ヴェルがそう言うなら、ミリアは首を傾げながらもそう言い、俺と村正さんを引き離し、俺を引っ張り立たせた。
俺は首周りを揉み、首を少し傾けたり回し運動し、一歩歩いてふらつかないことを確認して安心した。どうやら酔いは覚めているようだった。
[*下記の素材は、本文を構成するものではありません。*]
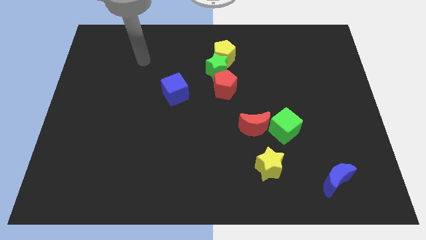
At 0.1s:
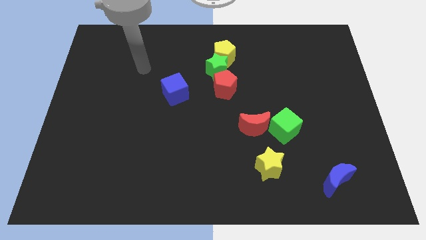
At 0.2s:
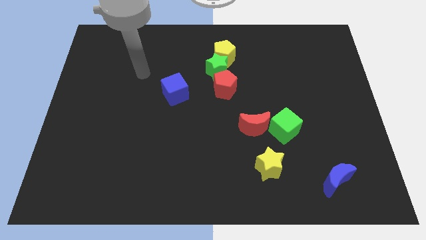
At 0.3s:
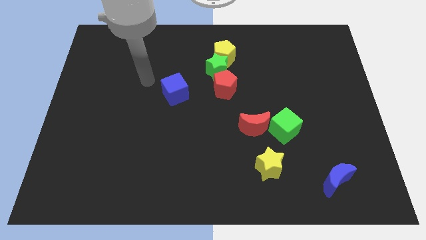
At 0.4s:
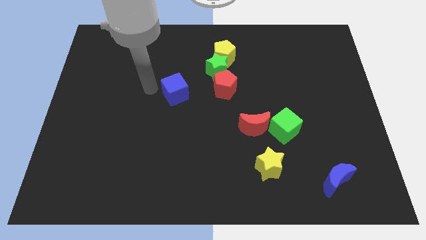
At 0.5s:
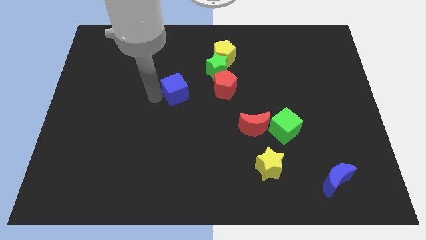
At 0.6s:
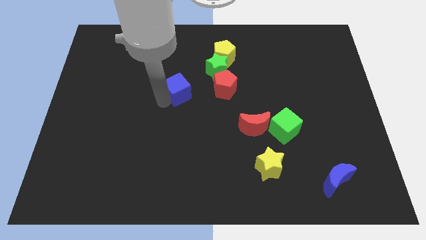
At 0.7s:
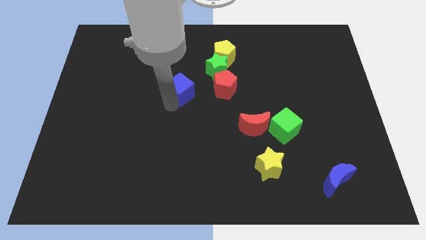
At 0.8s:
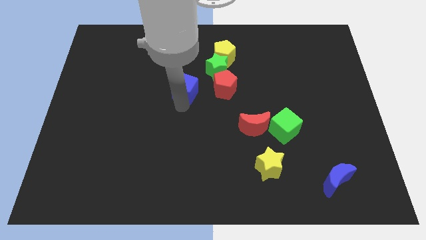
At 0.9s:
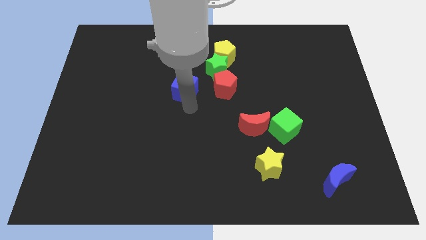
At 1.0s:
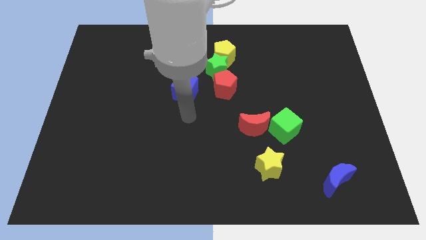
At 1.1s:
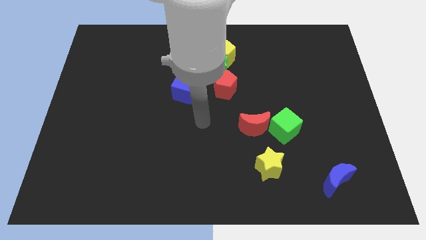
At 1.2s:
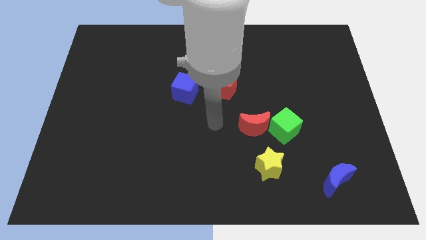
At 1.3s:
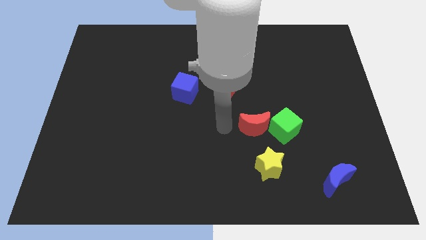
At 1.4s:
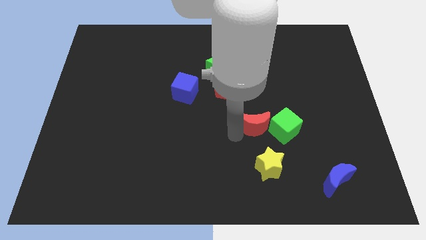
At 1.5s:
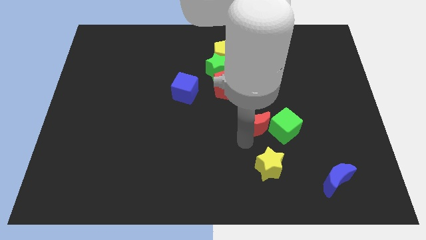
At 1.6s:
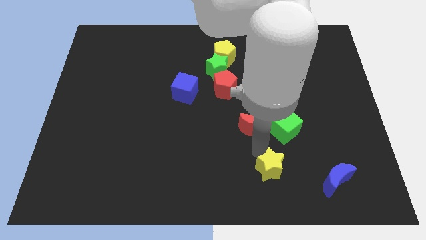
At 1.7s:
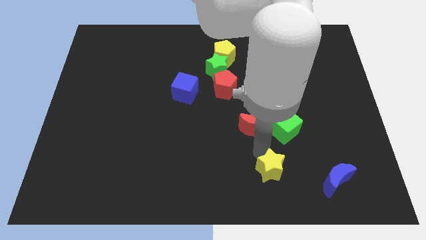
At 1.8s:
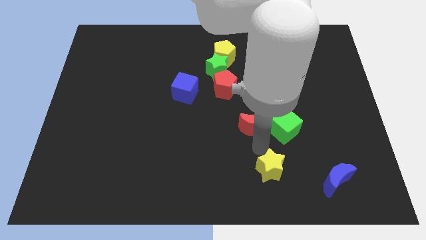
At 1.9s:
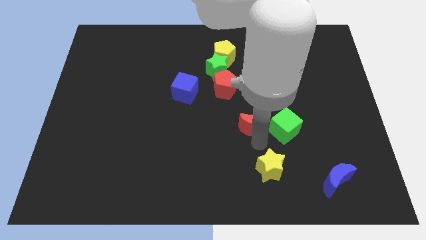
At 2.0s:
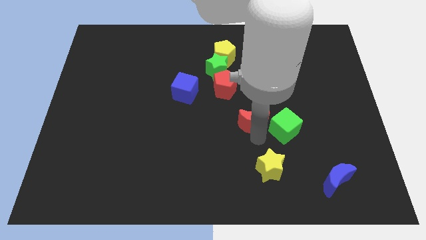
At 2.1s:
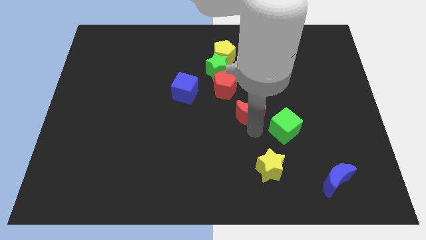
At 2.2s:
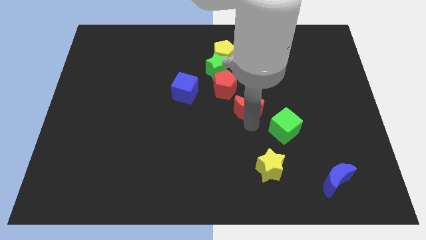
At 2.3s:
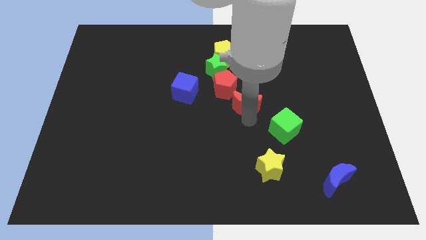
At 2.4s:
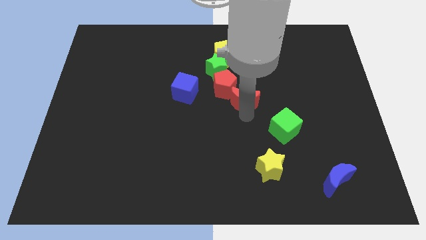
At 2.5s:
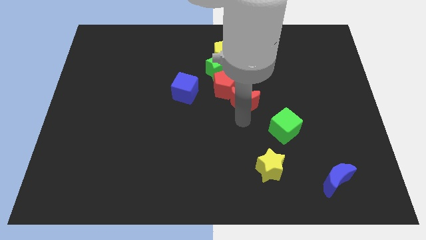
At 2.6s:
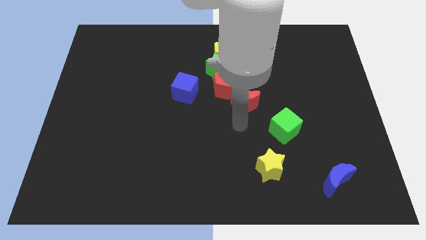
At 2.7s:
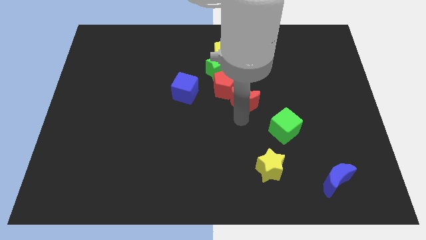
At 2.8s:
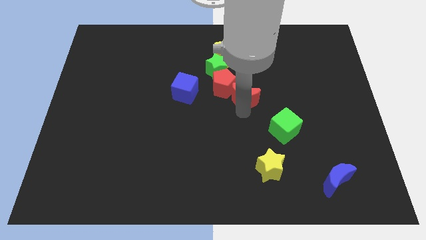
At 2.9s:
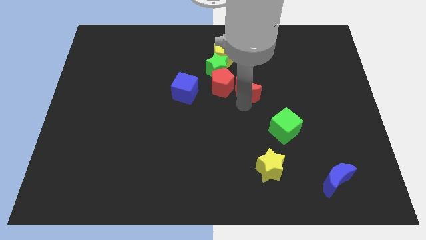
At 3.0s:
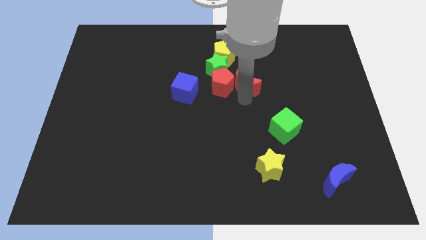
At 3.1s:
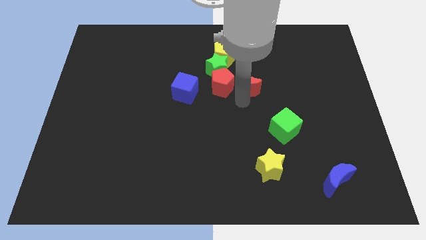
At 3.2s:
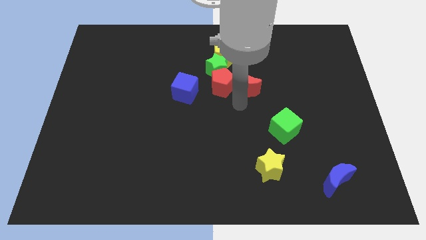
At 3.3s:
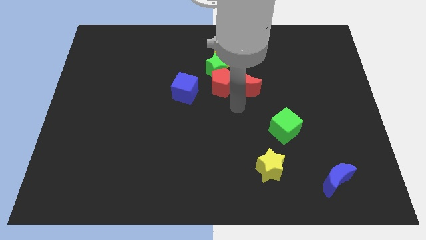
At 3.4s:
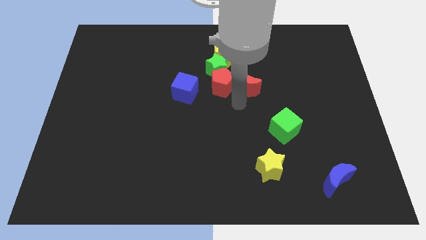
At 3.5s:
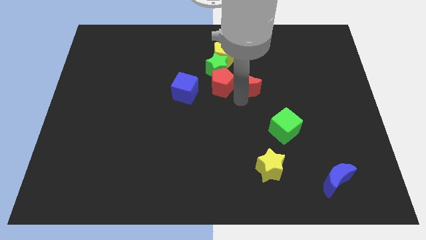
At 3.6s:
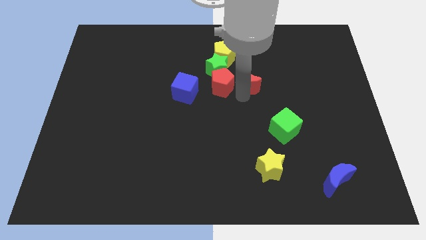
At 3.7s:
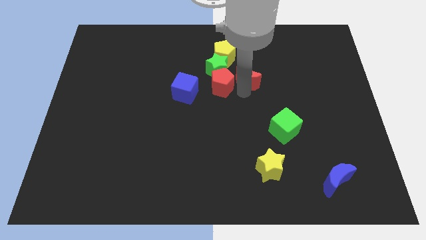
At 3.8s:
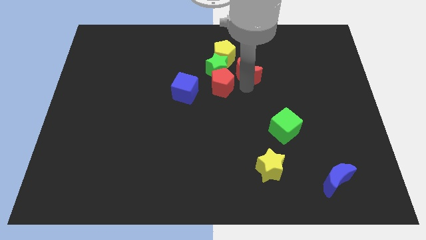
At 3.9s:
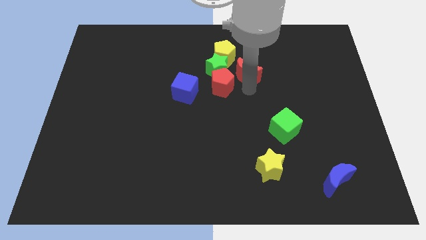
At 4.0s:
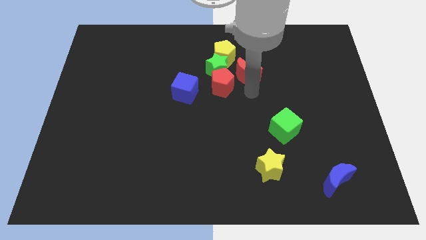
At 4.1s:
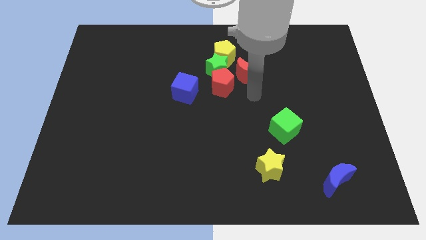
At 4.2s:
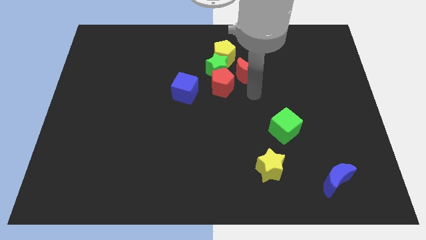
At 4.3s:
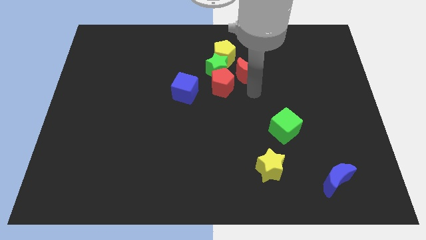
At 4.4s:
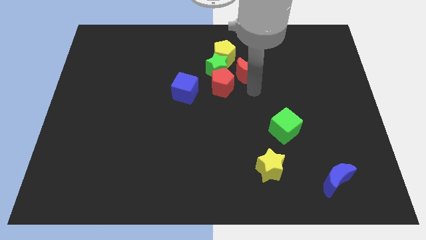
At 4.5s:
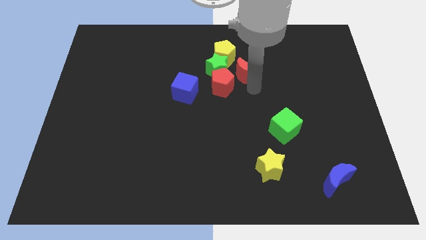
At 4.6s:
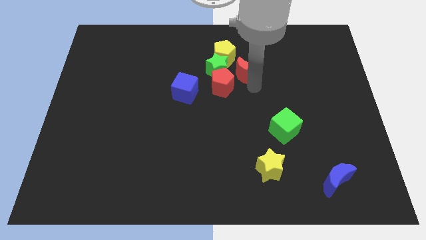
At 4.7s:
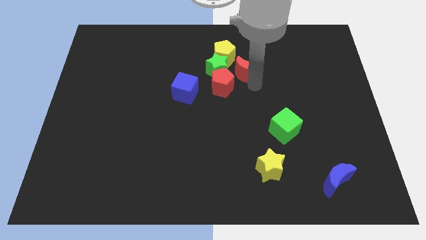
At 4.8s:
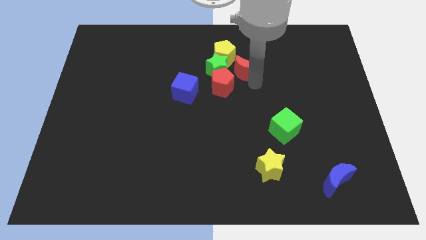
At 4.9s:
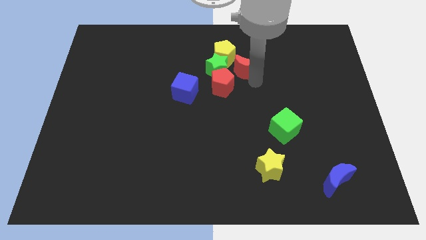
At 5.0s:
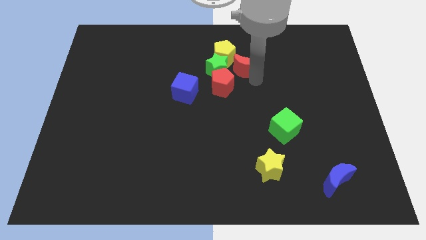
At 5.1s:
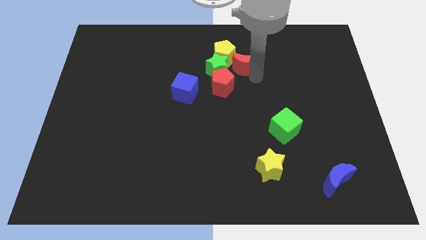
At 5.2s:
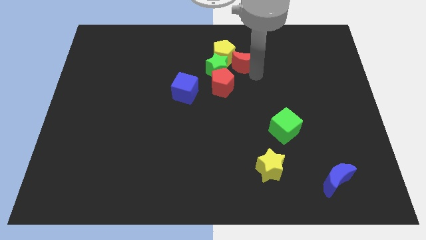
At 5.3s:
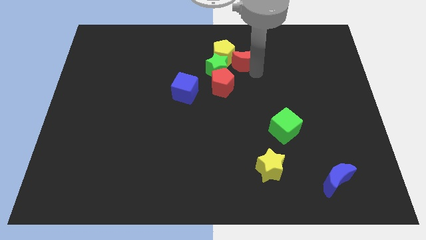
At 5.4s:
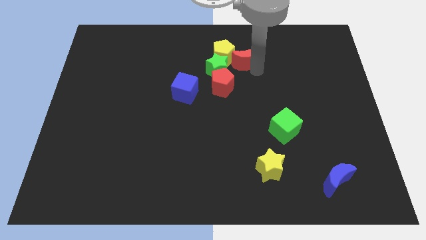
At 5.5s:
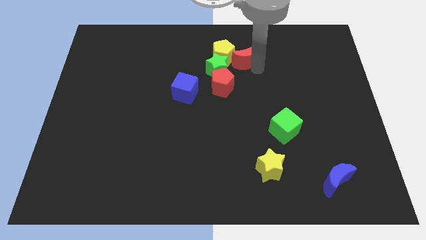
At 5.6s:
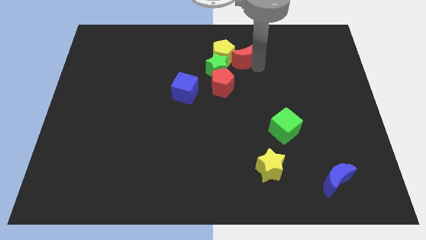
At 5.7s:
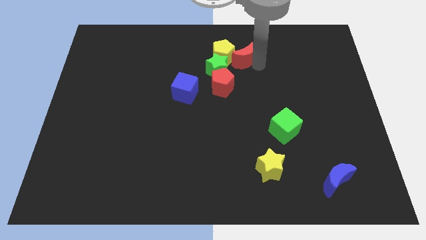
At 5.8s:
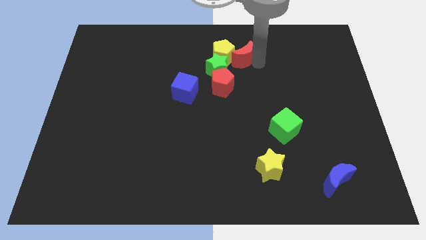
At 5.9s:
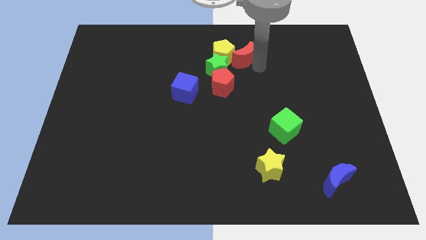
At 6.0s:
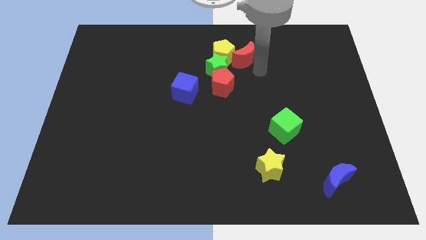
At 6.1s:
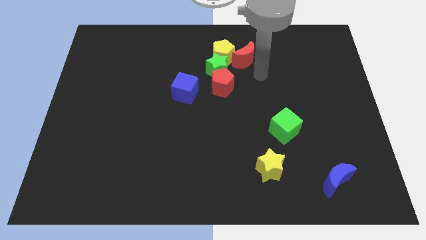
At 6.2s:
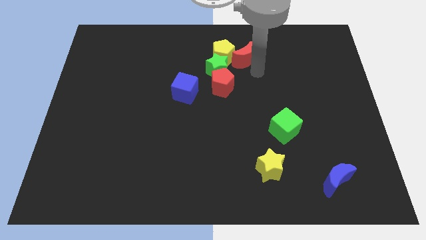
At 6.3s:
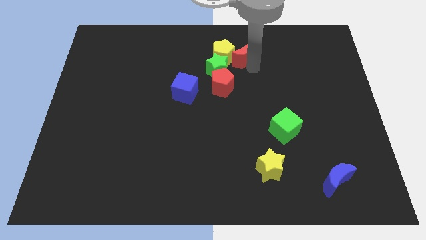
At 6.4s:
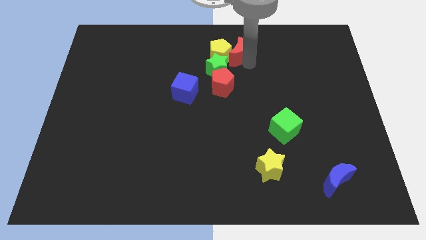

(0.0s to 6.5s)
move the red moon above the red pentagon

「これからは、あまり酒は飲まないようにします。大変失礼致しました」
村正さんに頭を下げると、いえいえ、と苦笑され、
「また一緒に飲みたいものですね。今度は邪魔のはいらない所で一日ずっと」
「いいえ、いけません。お母様なんておいて行きましょう」
「まあ、なんと酷い娘でしょう。私も一緒に行きます。大浴場なのでしょう。それは大きなお風呂なのでしょうね。人数がいても大丈夫そうではありませんか」
「ええ!?い、いけません。どうも私の直感が母とヴェルを引き合わせてはいけないと言っているんですよね」
「む、いや。村正さんとは本当に何もなかったぞ。いやあ、良いお酒でした。また飲みたいものです」
「ほら、ミリア。貴方の考えすぎよ。本当に、何もなかったのですから」
くすり、と村正さんは微笑んだ。
「そうですか、ならいいのですが」
ミリアは釈然としない様子でそう言い、俺達を大浴場へ連れて行くのであった。
移動しながら思う。
本当に何もなかったのだろうか。途中から完全に記憶が無い。
これが戦争中なら間違いなく死んでいるだろう。少なくとも俺は酒は飲まないようにしなくては。
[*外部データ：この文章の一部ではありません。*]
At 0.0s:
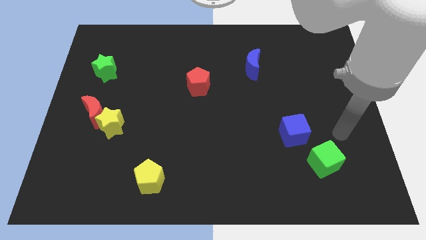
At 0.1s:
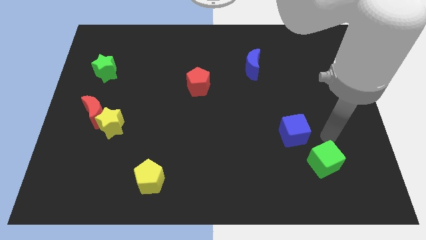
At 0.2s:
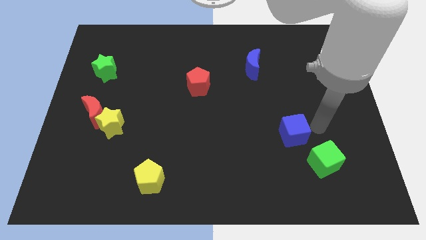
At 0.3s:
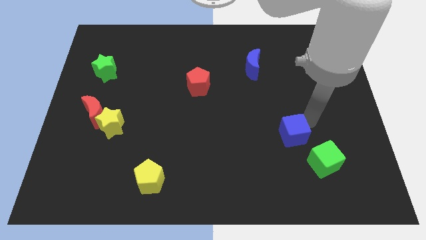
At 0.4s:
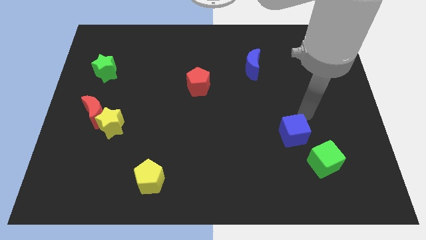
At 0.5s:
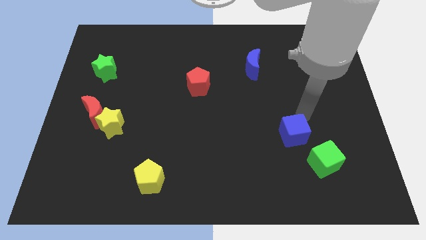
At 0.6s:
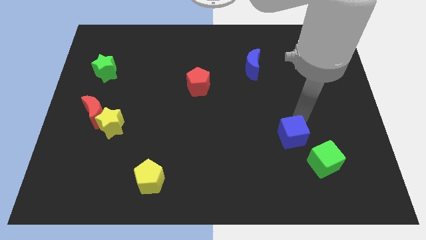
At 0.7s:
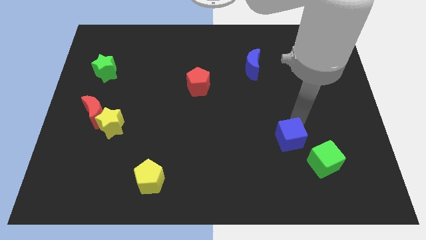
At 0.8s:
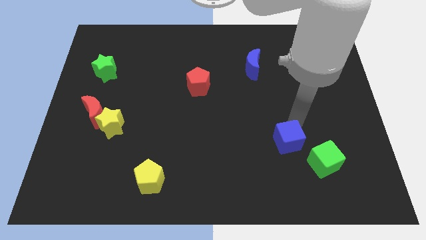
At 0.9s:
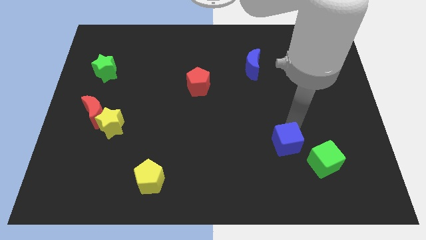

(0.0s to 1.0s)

油断が命取りになることもある。思えば魔力を扱うことすら怪しいのではないか。酒とはまこと怖いものだ。
が、心地よかったのも事実。やっぱり禁止とまではいかないが、酒とは上手く付き合っていきたいものだ。
少なくとも、だ。俺はともかく他の者にまで禁酒を命じることはないだろう。こんな世の中だからこそ酔って楽しみたい一時だってあるに違いない。
特に戦争中なんて、そんなものかもしれないな。明日にはない命かもしれない。ならば悔いのないよう飲み明かす事に無為に罰は与えられそうもない。
そんな取り留めもないことを考えながら大浴場に行くのであった。